TPG RE Finance Trust, Inc. (NYSE:TRTX) Q3 2024 Earnings Conference Call October 30, 2024 9:00 AM ET
Company Participants
Doug Bouquard - Chief Executive Officer
Bob Foley - Chief Financial Officer
Conference Call Participants
Stephen Laws - Raymond James
Steve Delaney - JMP Securities
Don Fandetti - Wells Fargo
Operator
Good morning, ladies and gentlemen, and thank you for standing by. Welcome to TPG Real Estate Finance Trust Third Quarter 2024 Earnings Conference Call. At this time, all participants are in a listen-only mode. A question-and-answer session will follow the formal presentation. Please note, this conference is being recorded.
It is now my pleasure to turn the call over to the company. Thank you. You may begin.
Unidentified Company Representative
Thank you. Good morning and welcome to TPG Real Estate Finance Trust earnings call for the third quarter of 2024. We are joined today by Doug Bouquard, Chief Executive Officer; and Bob Foley, Chief Financial Officer. Doug and Bob will share some comments about the quarter and then we will open the floor for questions.
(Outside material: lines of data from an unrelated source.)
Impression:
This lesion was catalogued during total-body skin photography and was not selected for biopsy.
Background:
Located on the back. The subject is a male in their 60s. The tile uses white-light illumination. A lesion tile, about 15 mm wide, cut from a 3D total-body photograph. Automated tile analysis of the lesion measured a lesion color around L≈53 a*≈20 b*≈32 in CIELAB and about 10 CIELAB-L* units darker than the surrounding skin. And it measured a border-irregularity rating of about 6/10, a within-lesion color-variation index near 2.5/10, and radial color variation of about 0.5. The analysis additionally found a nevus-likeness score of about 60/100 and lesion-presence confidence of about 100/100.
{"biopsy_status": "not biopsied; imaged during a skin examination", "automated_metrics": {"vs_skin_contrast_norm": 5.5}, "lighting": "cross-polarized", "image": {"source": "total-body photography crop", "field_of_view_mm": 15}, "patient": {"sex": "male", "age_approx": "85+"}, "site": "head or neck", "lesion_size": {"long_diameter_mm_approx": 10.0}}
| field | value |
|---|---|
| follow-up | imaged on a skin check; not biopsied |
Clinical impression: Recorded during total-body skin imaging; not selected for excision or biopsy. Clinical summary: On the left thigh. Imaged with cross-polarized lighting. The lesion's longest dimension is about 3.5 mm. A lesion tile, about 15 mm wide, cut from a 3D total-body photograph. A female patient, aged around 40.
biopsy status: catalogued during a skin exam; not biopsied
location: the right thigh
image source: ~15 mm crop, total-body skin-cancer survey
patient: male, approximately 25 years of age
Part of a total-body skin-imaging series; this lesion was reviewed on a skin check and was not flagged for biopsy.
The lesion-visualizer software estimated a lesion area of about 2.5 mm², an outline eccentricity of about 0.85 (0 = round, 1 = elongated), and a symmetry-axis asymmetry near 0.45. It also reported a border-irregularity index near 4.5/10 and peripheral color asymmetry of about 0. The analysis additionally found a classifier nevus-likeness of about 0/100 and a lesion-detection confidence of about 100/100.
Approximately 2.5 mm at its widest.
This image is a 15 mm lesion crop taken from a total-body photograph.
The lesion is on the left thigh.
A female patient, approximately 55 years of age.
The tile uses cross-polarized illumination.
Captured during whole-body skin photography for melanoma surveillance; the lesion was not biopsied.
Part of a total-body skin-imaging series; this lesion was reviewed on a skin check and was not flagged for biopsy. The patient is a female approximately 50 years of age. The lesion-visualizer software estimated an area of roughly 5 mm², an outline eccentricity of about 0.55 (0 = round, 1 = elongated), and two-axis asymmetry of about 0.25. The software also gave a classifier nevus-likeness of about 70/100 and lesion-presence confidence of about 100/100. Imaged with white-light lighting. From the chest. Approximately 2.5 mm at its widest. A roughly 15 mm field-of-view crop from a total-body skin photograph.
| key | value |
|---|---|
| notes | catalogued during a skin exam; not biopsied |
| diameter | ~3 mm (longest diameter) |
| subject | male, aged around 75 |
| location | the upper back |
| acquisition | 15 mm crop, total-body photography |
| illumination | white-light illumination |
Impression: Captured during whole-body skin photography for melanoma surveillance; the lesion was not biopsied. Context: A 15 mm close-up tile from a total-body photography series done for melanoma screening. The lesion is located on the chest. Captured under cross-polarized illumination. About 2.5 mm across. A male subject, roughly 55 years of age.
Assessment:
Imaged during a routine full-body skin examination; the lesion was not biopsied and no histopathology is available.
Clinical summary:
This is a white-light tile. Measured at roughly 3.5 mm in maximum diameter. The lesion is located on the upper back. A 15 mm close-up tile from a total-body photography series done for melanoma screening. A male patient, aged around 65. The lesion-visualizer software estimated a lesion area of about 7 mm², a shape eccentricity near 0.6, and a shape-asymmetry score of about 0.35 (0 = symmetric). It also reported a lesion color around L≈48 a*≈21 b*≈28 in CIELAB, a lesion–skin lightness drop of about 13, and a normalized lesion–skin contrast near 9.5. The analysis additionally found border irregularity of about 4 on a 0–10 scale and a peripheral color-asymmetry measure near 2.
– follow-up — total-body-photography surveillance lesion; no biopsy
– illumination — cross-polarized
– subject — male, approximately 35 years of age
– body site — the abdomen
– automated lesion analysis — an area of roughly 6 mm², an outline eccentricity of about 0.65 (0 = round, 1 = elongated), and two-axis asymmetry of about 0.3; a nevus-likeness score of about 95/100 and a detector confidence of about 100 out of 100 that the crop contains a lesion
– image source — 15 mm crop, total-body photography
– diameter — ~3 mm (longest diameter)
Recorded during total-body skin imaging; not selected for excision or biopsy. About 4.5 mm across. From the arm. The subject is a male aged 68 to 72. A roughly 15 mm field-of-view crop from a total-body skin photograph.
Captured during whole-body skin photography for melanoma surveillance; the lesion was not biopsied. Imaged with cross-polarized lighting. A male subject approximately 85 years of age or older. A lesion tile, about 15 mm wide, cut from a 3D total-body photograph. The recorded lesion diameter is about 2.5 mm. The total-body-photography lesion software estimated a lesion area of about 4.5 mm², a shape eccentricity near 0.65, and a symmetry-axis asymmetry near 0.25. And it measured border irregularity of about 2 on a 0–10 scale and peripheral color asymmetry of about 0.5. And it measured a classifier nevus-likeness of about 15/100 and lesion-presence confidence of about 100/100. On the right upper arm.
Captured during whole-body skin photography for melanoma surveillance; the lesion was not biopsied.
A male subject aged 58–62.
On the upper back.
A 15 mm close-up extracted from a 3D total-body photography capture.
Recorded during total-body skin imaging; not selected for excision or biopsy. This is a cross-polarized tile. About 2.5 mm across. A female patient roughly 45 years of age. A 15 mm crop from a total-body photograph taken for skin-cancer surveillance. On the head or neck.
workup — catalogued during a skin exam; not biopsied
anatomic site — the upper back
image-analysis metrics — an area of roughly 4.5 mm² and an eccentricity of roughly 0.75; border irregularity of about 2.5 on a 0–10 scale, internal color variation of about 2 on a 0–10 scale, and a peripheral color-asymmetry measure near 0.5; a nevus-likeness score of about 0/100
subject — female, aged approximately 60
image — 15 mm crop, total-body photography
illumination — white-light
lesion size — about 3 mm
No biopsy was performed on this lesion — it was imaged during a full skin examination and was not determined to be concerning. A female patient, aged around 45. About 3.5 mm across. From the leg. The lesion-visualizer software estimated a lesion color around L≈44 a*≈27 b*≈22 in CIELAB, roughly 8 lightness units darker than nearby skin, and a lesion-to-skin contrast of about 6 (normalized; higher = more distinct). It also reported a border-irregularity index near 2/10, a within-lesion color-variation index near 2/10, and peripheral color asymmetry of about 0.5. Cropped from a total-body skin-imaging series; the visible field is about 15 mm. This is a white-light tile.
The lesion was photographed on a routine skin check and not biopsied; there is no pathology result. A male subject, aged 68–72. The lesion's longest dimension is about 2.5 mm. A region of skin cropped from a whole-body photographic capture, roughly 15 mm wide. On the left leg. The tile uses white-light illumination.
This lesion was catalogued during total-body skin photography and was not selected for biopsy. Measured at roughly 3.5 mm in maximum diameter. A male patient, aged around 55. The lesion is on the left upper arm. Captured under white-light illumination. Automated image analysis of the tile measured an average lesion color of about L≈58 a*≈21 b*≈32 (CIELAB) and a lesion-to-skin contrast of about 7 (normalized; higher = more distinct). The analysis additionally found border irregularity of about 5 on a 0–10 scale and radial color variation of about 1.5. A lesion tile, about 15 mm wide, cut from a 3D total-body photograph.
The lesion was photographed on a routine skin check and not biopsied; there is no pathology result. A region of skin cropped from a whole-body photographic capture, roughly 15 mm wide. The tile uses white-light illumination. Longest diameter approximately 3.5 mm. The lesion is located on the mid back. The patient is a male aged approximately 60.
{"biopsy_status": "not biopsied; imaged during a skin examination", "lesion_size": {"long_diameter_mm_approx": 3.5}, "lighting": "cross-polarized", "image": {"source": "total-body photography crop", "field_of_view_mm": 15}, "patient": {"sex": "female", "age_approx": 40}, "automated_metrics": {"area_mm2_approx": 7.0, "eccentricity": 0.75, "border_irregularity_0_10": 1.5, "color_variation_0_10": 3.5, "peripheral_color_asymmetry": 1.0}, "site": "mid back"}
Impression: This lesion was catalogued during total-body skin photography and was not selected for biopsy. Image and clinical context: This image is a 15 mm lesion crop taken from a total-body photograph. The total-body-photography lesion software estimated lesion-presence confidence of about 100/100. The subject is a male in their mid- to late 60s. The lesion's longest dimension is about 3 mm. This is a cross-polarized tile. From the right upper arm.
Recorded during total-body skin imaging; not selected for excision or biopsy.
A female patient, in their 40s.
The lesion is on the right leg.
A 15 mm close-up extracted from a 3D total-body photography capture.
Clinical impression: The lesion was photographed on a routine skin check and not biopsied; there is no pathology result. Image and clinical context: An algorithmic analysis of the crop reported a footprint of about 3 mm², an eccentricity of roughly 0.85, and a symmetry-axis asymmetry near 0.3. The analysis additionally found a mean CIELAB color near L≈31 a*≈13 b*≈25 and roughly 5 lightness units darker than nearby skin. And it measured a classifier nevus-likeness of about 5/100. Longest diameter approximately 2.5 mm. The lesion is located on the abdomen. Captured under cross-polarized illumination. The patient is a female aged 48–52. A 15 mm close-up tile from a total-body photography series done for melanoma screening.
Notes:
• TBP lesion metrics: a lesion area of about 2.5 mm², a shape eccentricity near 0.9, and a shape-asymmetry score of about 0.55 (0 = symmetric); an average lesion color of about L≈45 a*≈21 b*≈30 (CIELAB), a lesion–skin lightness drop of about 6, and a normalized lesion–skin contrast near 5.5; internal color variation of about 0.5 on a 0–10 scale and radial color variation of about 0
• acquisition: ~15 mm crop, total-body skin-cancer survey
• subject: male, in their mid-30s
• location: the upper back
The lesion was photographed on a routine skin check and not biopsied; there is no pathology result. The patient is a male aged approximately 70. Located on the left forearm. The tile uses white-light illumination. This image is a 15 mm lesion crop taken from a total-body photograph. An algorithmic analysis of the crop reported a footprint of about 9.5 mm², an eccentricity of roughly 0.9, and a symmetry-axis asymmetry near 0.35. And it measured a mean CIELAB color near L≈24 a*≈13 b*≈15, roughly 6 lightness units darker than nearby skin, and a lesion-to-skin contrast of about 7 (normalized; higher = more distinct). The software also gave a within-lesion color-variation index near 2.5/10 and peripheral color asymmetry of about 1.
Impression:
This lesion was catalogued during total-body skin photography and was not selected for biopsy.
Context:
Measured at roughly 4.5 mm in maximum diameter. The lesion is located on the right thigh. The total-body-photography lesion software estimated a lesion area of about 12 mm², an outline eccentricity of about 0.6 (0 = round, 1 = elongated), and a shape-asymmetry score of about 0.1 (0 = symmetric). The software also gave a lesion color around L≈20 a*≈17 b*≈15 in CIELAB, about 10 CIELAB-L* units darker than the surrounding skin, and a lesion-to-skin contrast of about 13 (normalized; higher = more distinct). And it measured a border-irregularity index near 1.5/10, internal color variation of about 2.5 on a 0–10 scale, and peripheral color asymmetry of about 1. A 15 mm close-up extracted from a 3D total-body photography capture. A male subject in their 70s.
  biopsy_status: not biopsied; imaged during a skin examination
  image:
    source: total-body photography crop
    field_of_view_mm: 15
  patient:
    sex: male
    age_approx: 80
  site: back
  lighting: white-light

Yesterday evening, the company filed its Form 10-Q and issued press release and earnings supplemental with a presentation of operating results, all of which are available on the company’s website in the Investor Relations section.
As a reminder, today’s call is being recorded and may include forward-looking statements, which are uncertain and outside of the company’s control. Actual results may differ materially.
For a discussion of risks that could affect results, please see the Risk Factor section of the company’s most recent Form 10-K. The company does not undertake any duty to update these statements, and today’s call participants will refer to certain non-GAAP measures, and for reconciliations you should refer the press release and the Form 10-Q.
At this time, it's my pleasure to turn the call over to Chief Executive Officer, Doug Bouquard.
Doug Bouquard
Thank you. Over the past quarter, the Fed's initial rate cut and strong economic data across the board have fueled a remarkably broad rally in risk assets. For context, the forward price-to-earnings ratio of the S&P 500 is currently in the 97th percentile when compared to public market valuation multiples since the 1930s. Additionally, investment-grade and high-yield corporate spreads continue to trade at the tightest spreads since the GFC.
Meanwhile, real estate is beginning to find its footing amidst the sentiment shift at large. Transaction activity has ticked up and with an increase in price transparency across property types.